The narrator is trying to think of something to say the potential dates haven't heard before. He tells them about the time he met the "Jersey Devil," which is apparently some folkloric Bigfoot-like thing from which the hockey team gets its name. The story ends with this unforgettable passage:
I tell them that I grew up in New Jersey, that I've seen the Jersey Devil in the Pine Barrens. It was late at night, and I was eating a hamburger with a friend at a diner, on this long stretch of empty road where there was nothing else around but the dark woods growing out of the sandy soil. I looked up from my hamburger and saw him through the window, but he was pretty far away. He was naked, covered in short, stiff hair like the hair of a dog, but shaped otherwise more or less like a man. He was standing at the edge of a beam of light from a streetlamp, at the border between the woods and the parking lot, just staring in at us. I could tell by the way he held his tail in his hands that he'd been alone a long time.

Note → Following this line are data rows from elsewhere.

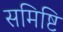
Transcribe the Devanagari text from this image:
समिष्टि
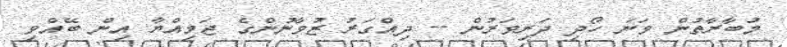
މުބާރާތުން ވަނަ ހޯދި ދަރިވަރުން -- ދިއްގަރު ޒުވާނުންގެ ޖަމިއްޔާ އިން ބޭއްވި
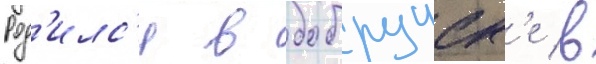
Род'илс'я в бобруиск'е в
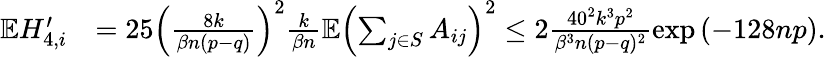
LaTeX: \begin{array}{rl}{\mathbb{E}H_{4,i}^{\prime}}&{=25\left(\frac{8k}{\beta n(p-q)}\right)^{2}\frac{k}{\beta n}\mathbb{E}\left(\sum_{j\in S}A_{ij}\right)^{2}\leq 2\frac{40^{2}k^{3}p^{2}}{\beta^{3}n(p-q)^{2}}\exp\left(-128np\right).}\end{array}
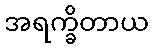
အရက္ခိတာယ
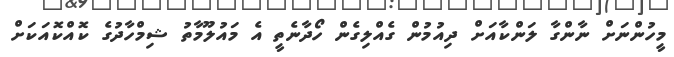
މީހުންނަށް ނާންގާ ލަންކާއަށް ދިއުމުން ގެއްލިގެން ހޯދާނެތީ އެ މައުލޫމާތު ޝިމްހާދުގެ ކޮއްކޮއަކަށް
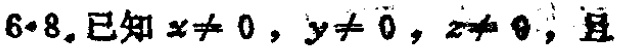
$6 \cdot 8.已知x\neq 0，y\neq 0，z\neq 0，且$
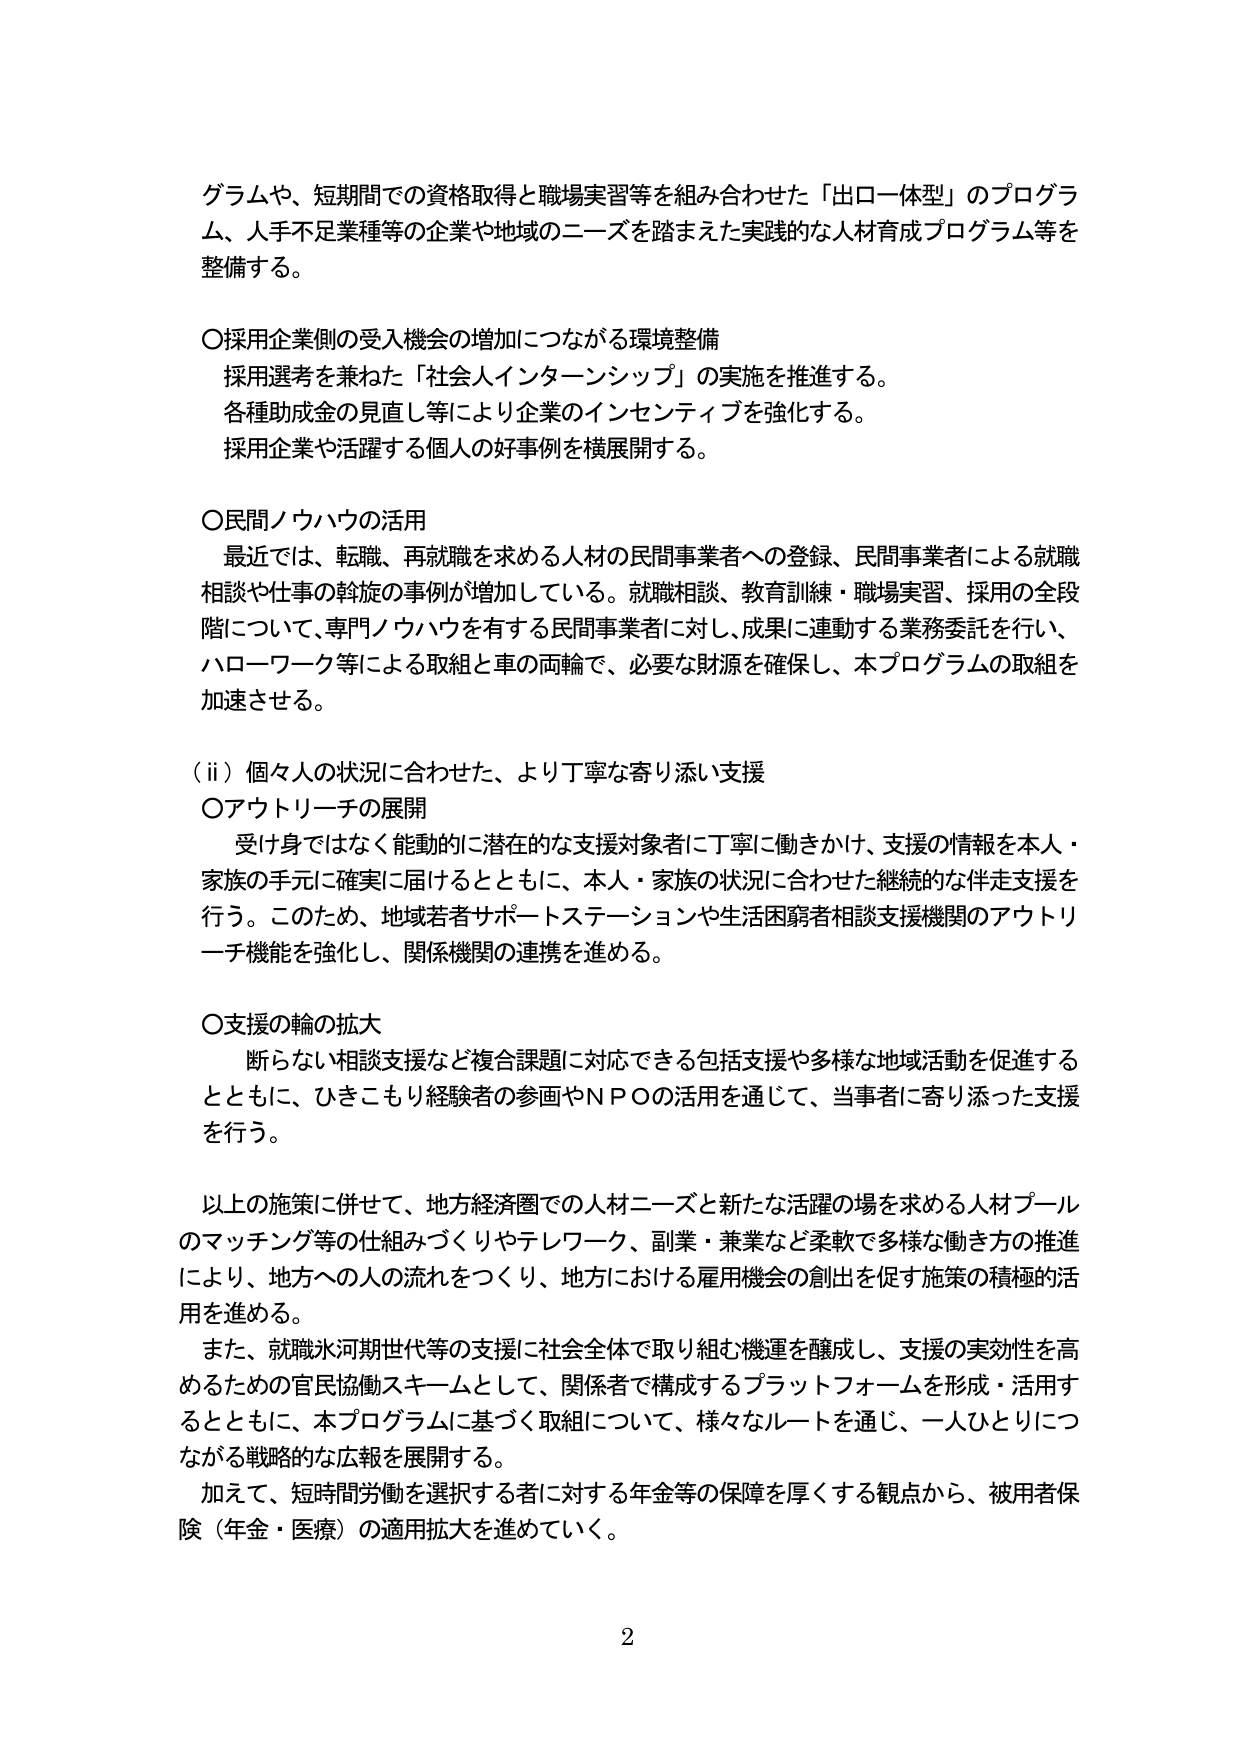
グラムや、短期間での資格取得と職場実習等を組み合わせた「出ロ一体型」のプログラム、人手不足業種等の企業や地域のニーズを踏まえた実践的な人材育成プログラム等を整備する。

〇採用企業側の受入機会の増加につながる環境整備
　採用選考を兼ねた「社会人インターンシップ」の実施を推進する。
　各種助成金の見直し等により企業のインセンティブを強化する。
　採用企業や活躍する個人の好事例を横展開する。

〇民間ノウハウの活用
　最近では、転職、再就職を求める人材の民間事業者への登録、民間事業者による就職相談や仕事の斡旋の事例が増加している。就職相談、教育訓練・職場実習、採用の全段階について、専門ノウハウを有する民間事業者に対し、成果に連動する業務委託を行い、ハローワーク等による取組と車の両輪で、必要な財源を確保し、本プログラムの取組を加速させる。

（ⅱ）個々人の状況に合わせた、より丁寧な寄り添い支援
〇アウトリーチの展開
　受け身ではなく能動的に潜在的な支援対象者に丁寧に働きかけ、支援の情報を本人・家族の手元に確実に届けるとともに、本人・家族の状況に合わせた継続的な伴走支援を行う。このため、地域若者サポートステーションや生活困窮者相談支援機関のアウトリーチ機能を強化し、関係機関の連携を進める。

〇支援の輪の拡大
　断らない相談支援など複合課題に対応できる包括支援や多様な地域活動を促進するとともに、ひきこもり経験者の参画やNPOの活用を通じて、当事者に寄り添った支援を行う。

　以上の施策に併せて、地方経済圏での人材ニーズと新たな活躍の場を求める人材プールのマッチング等の仕組みづくりやテレワーク、副業・兼業など柔軟で多様な働き方の推進により、地方への人の流れをつくり、地方における雇用機会の創出を促す施策の積極的活用を進める。
　また、就職氷河期世代等の支援に社会全体で取り組む機運を醸成し、支援の実効性を高めるための官民協働スキームとして、関係者で構成するプラットフォームを形成・活用するとともに、本プログラムに基づく取組について、様々なルートを通じ、一人ひとりにつながる戦略的な広報を展開する。
　加えて、短時間労働を選択する者に対する年金等の保障を厚くする観点から、被用者保険（年金・医療）の適用拡大を進めていく。

2
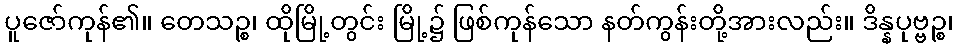
ပူဇော်ကုန်၏။ တေသဉ္စ၊ ထိုမြို့တွင်း မြို့၌ ဖြစ်ကုန်သော နတ်ကွန်းတို့အားလည်း။ ဒိန္နပုဗ္ဗဉ္စ၊
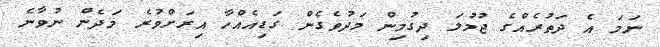
ނަމަ އެ ދަތުރެއްގެ ޖުމުލަ ދިގުމިން މަދުވެގެން ގަޑިއެއްހާ އިރަށްވުރެ މަދެން ނުވާނެ
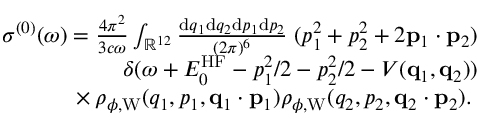
\begin{array} { r } { \sigma ^ { ( 0 ) } ( \omega ) = \frac { 4 \pi ^ { 2 } } { 3 c \omega } \int _ { \mathbb { R } ^ { 1 2 } } \frac { \ensuremath { \mathrm { d } } \b { q } _ { 1 } \ensuremath { \mathrm { d } } \b { q } _ { 2 } \ensuremath { \mathrm { d } } \b { p } _ { 1 } \ensuremath { \mathrm { d } } \b { p } _ { 2 } } { ( 2 \pi ) ^ { 6 } } \; ( p _ { 1 } ^ { 2 } + p _ { 2 } ^ { 2 } + 2 \ensuremath { \mathbf { p } } _ { 1 } \cdot \ensuremath { \mathbf { p } } _ { 2 } ) } \\ { \phantom \times \delta ( \omega + E _ { 0 } ^ { \mathrm { H F } } - p _ { 1 } ^ { 2 } / 2 - p _ { 2 } ^ { 2 } / 2 - V ( \ensuremath { \mathbf { q } } _ { 1 } , \ensuremath { \mathbf { q } } _ { 2 } ) ) } \\ { \phantom { x } \times \rho _ { \phi , \mathrm { W } } ( q _ { 1 } , p _ { 1 } , \ensuremath { \mathbf { q } } _ { 1 } \cdot \ensuremath { \mathbf { p } } _ { 1 } ) \rho _ { \phi , \mathrm { W } } ( q _ { 2 } , p _ { 2 } , \ensuremath { \mathbf { q } } _ { 2 } \cdot \ensuremath { \mathbf { p } } _ { 2 } ) . \; } \end{array}

It's possible to see this as the narrator projecting himself into the figure of a half-man, half-dog (his own best friend, as one Spaceballs character might have said), his loneliness central to this image. But it's also possible this Jersey Devil is his way of imagining himself outside of the feeling of sonder, his attempt to return to the stabilizing ability to treat others as something truly different, which allows us to treat them with indifference. The devil, the ultimate "other," is the narrator's attempt to hold onto a belief in something that is unlike him, something isolated and not fully human, meaning he can also remain both happily and yet unhappily isolated himself.